Why not just dump relational?

Posted Jul 26, 2008 2:04 UTC (Sat) by alankila (guest, #47141) [Link]

> Yes I know relational doesn't do that under the covers, but I'd rather a
> model that explicitly guarantees me instant response than one that 
> guarantees me nothing but typically does pretty well - I've come across 
> enough horror stories about upgrades to the optimisation engine 
> "breaking" carefully crafted code and turning a racehorse into a snail.

Let's just say that the flip side of the optimizer is that you do not have to think about how
to get the data yourself. You declare how the things are related, and using SQL describe what
the result set is, and leave it to the database to work out how to satisfy that query.

It should be clear that this argument requires that we have something more complicated than
"select * from table where id = :x" in mind. As an example, I once wrote a query that produced
a report of top 20 products for all vendors monthly, sorting the vendors alphabetically, the
products by their rank (determined by number of items sold), and also reported the number of
those items sold monthly. The database was a star schema of facts, one row describing an item
x sold at time z, another describing the relationship from item to vendor.
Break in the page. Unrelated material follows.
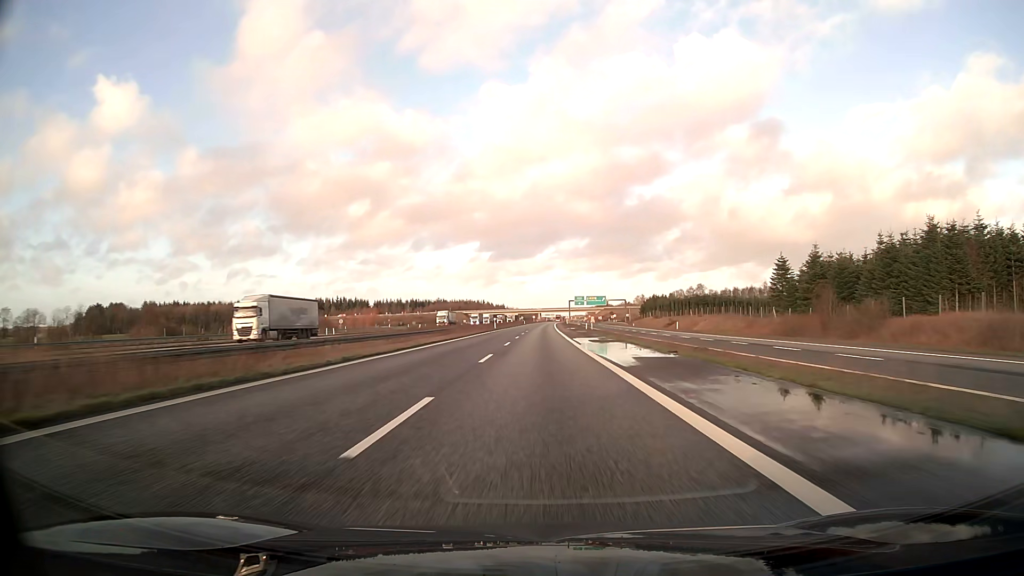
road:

So the optimizer works out which end of the query looks like least work, where a temporary
index might be needed, what rows can be read off purely from index, if any of the subresults
are available in materialized query tables, etc.

To me, it was faster to write the SQL than work out the individual queries and the code in the
host programming language (Perl, in my case) to calculate that same statistic. In principle,
this way is the most efficient as well, as when the database knows what I want, then it is in
the position to do the least work required to satisfy that query.